**TASK DIRECTIONS**
For the records below, give the number of lines containing the word "style" and no other text.

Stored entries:
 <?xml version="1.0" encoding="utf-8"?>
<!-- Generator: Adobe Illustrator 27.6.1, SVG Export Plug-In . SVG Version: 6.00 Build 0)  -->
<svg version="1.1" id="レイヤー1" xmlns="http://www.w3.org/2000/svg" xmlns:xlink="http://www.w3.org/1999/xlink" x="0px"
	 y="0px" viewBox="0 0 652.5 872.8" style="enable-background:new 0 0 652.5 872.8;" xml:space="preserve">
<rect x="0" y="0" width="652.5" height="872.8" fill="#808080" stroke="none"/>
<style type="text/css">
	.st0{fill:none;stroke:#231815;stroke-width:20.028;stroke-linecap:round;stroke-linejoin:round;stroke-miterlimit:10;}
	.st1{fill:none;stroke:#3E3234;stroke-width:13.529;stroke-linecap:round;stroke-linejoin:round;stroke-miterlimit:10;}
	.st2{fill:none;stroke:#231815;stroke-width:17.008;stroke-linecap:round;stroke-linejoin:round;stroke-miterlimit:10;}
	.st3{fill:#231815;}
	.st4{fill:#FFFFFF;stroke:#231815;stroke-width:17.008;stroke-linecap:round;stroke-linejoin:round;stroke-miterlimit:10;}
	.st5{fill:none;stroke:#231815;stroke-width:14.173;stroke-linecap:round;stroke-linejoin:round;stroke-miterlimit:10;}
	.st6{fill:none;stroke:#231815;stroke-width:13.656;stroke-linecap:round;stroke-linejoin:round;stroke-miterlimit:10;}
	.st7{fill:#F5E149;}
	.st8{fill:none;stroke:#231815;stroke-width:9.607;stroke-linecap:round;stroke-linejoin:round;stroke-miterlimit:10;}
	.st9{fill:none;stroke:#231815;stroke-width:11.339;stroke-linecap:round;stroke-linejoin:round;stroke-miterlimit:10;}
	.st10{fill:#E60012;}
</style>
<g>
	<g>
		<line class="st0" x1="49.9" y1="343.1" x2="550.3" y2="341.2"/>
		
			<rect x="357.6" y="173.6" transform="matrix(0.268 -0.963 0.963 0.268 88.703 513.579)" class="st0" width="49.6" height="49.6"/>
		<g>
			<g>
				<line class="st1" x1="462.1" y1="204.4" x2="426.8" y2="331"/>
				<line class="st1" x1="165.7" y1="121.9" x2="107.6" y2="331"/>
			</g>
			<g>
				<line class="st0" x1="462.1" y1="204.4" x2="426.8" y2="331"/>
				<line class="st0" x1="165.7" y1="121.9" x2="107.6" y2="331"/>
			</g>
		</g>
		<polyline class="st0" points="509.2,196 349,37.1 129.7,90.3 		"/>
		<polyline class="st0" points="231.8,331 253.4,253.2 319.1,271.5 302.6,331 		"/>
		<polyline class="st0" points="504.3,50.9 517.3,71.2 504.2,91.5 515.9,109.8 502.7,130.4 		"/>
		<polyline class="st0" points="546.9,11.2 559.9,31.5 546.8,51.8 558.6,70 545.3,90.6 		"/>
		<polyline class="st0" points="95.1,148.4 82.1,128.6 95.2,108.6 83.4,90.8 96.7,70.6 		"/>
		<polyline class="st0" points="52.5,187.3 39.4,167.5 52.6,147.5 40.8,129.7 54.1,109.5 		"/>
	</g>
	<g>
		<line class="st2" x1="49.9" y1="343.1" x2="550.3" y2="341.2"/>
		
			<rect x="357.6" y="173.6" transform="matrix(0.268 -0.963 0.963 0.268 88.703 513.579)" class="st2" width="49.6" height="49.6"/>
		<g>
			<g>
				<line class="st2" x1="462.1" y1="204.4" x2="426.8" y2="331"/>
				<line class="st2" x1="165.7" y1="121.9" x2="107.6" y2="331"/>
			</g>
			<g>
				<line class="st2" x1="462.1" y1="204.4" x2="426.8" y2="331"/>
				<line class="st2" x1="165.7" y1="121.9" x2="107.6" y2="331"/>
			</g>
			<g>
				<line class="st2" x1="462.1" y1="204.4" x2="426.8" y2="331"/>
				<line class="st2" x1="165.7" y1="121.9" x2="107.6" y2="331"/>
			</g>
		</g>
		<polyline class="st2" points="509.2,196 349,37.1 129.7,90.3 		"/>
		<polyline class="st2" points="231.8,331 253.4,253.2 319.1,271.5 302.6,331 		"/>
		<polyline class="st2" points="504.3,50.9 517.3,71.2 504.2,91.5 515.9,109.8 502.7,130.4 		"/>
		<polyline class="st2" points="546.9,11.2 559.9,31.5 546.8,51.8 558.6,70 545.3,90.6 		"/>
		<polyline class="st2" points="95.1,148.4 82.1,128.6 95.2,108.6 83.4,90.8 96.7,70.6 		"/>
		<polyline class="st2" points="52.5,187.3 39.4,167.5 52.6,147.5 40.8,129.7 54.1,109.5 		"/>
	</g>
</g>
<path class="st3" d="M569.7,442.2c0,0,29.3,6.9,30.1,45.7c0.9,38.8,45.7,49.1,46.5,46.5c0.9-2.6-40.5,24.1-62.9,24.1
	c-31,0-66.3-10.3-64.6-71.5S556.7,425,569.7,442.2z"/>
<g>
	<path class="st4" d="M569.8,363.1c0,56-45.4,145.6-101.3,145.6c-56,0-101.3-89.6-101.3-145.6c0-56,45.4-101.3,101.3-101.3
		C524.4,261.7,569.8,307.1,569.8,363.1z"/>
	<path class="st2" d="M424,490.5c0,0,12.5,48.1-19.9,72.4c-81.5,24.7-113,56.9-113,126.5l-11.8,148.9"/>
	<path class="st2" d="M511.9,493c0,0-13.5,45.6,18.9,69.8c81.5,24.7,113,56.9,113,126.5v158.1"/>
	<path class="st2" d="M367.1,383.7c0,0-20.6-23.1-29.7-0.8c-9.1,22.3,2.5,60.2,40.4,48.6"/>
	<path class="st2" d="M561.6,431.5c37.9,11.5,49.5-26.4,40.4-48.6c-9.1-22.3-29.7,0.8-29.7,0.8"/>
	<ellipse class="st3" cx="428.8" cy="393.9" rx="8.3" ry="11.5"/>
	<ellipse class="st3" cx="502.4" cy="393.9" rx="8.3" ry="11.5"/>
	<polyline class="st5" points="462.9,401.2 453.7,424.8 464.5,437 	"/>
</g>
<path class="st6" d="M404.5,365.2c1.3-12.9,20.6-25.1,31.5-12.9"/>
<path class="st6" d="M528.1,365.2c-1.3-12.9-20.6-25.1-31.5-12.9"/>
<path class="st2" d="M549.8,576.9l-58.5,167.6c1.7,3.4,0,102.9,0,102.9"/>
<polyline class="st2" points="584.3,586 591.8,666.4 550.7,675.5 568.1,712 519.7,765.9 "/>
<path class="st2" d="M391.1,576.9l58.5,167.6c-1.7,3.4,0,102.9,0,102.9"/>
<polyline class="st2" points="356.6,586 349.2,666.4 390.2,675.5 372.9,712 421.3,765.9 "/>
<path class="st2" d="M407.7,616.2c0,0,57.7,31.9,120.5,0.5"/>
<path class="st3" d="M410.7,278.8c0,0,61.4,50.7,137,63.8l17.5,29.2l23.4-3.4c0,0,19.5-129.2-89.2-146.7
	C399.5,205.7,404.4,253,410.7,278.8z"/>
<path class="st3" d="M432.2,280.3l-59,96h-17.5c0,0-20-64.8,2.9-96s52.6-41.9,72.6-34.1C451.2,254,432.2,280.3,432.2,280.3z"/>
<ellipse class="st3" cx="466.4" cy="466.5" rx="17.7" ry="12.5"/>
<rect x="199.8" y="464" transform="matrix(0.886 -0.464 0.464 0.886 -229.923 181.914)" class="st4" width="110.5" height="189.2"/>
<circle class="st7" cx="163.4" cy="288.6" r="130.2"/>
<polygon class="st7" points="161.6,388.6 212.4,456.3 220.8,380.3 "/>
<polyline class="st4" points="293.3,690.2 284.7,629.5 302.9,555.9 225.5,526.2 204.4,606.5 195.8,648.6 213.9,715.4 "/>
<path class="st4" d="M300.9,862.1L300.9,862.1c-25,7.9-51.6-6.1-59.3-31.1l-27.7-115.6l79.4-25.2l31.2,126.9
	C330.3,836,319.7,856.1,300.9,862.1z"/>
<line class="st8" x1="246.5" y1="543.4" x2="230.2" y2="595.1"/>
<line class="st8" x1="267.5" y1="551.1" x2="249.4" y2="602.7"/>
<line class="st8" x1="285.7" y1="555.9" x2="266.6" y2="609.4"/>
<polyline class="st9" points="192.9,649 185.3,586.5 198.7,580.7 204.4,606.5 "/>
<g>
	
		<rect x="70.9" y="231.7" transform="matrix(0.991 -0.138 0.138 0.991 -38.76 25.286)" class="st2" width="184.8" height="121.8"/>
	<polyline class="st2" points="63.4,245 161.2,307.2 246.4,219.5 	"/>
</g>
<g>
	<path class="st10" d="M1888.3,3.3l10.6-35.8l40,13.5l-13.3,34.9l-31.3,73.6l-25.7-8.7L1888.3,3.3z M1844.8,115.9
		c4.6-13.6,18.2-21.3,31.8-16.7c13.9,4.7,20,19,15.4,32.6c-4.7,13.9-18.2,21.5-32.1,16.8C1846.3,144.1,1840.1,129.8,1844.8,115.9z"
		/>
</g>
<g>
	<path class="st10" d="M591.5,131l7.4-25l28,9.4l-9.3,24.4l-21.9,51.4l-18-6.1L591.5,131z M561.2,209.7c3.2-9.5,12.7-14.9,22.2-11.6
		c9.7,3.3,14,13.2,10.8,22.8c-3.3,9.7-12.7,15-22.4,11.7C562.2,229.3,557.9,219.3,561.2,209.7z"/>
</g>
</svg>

**ANSWER TO THIS EXERCISE**
3